Je cache cette fois l'autre partie de mon visage.

— Et maintenant ?

— Tu l'es encore plus !

Son engouement ne m'étonne guère. Sophie a l'habitude de ce genre d'association. Elle passe tant de temps sur Instagram, à s'extasier devant les mannequins aussi fins qu'une branche, aussi maquillés que possible. Mais ce n'est pas ça, la vie ordinaire. J'espère qu'elle y réfléchira, ce soir, en se couchant.

— J'ai l'impression de ressembler à une poupée, tu ne trouves pas ?

Elle fait la moue, m'observe avec soin, s'approche, s'éloigne, me fait pivoter sur moi-même. Puis hoche finalement la tête.

— C'est vrai que ça te rend... bizarre ?

Je m'accroupis à sa hauteur, tout en me félicitant d'avoir privilégié le maquillage pour les grandes occasions.

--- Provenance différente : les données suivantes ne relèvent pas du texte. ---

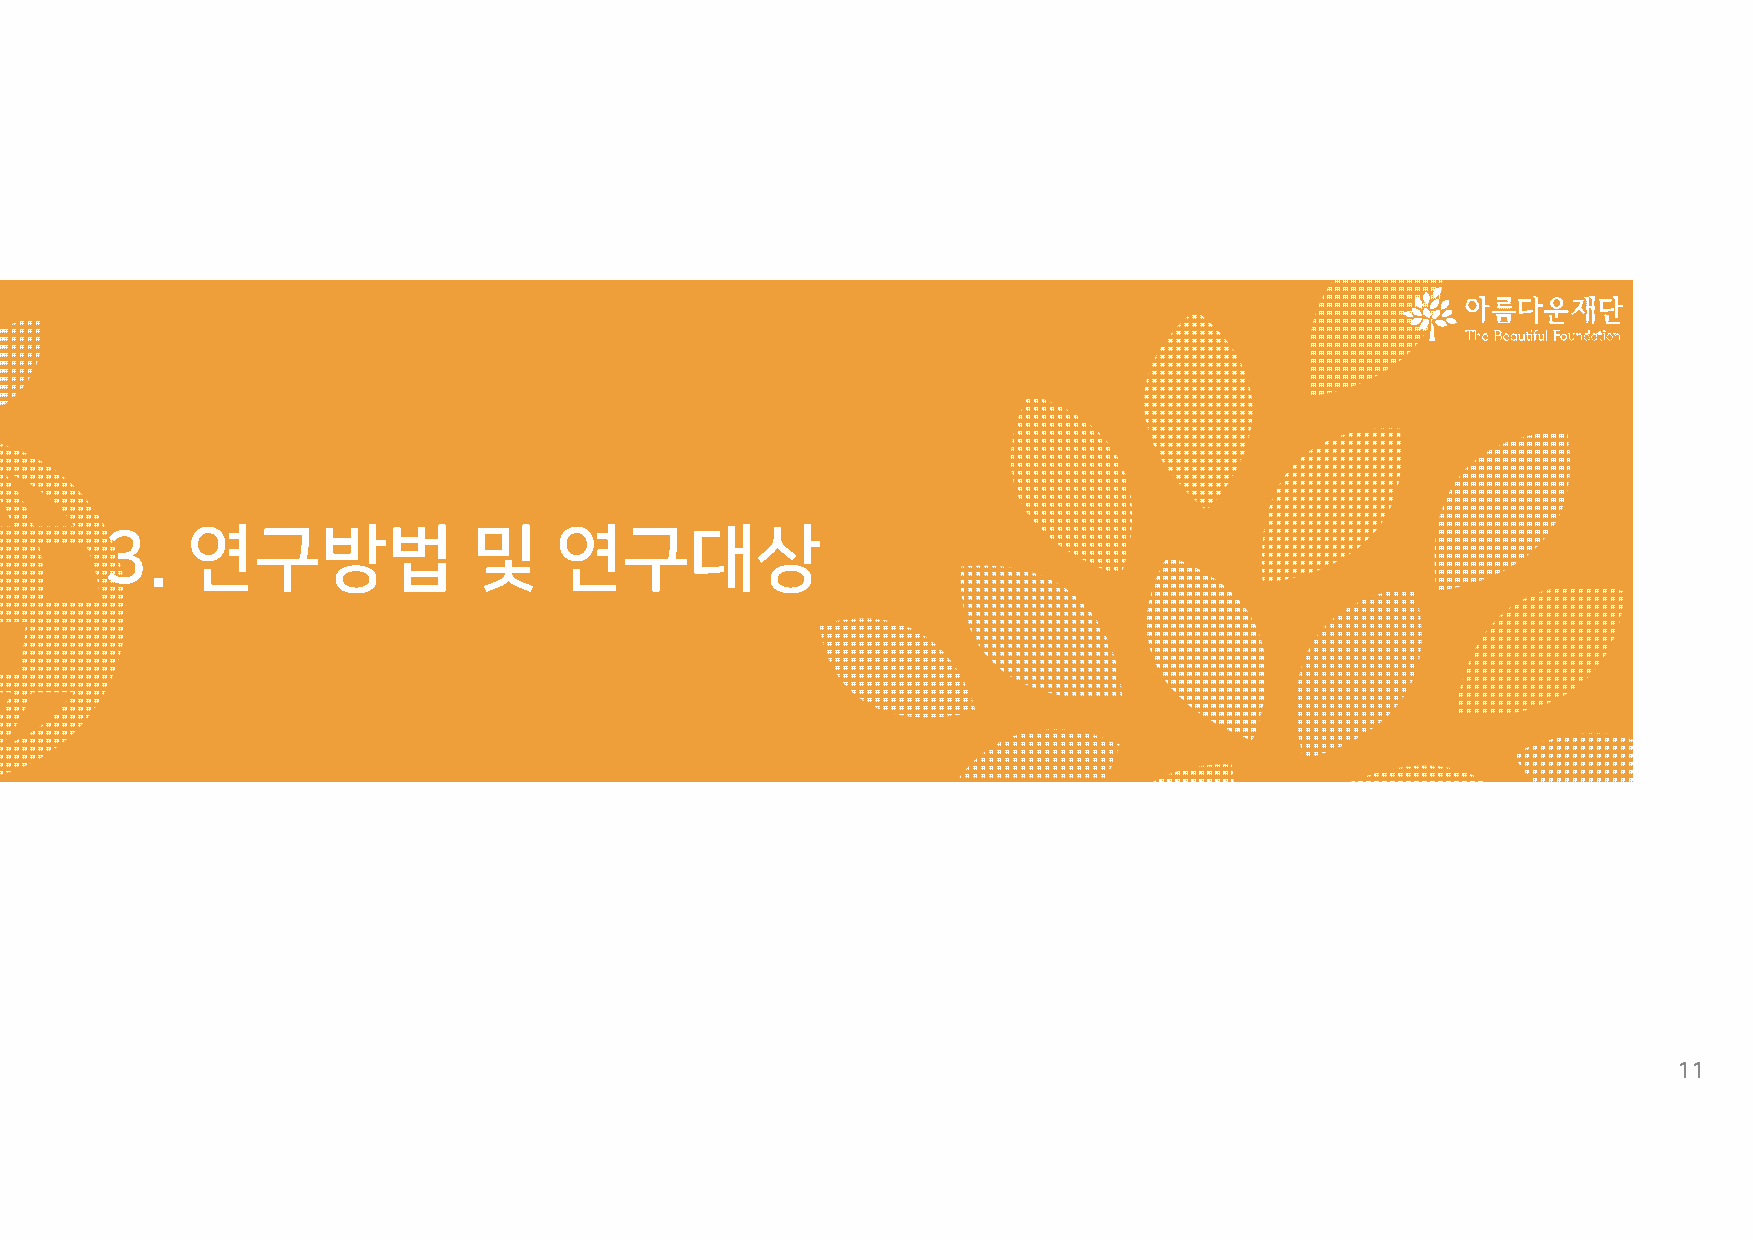
3.연구방법                 및     연구대상
 11

— C'est exactement ce que je ressens, Sophie. Sais-tu pourquoi ?

— Non, soupire-t-elle.

— Parce que ce visage, ce n'est pas moi. Tu caches mes défauts et sublimes mes qualités. C'est comme dire à quelqu'un qu'il est merveilleux et raconter à un autre que tu le trouves exécrable. C'est porter un masque, et je n'aime pas ça. Cette robe, oui elle me va, mais il fait froid dehors. Pourquoi ferais-je semblant d'être bien, alors que je meurs de froid ? Evidemment, que je me sens jolie là-dedans et tout le monde s'accordera à dire que ça m'embellit. Mais si moi, j'y suis mal, à quoi cela sert-il ? Aux autres ? Et moi ? Que suis-je censée faire de mes sentiments ?

Je lui prends les mains, tant qu'elle est attentive.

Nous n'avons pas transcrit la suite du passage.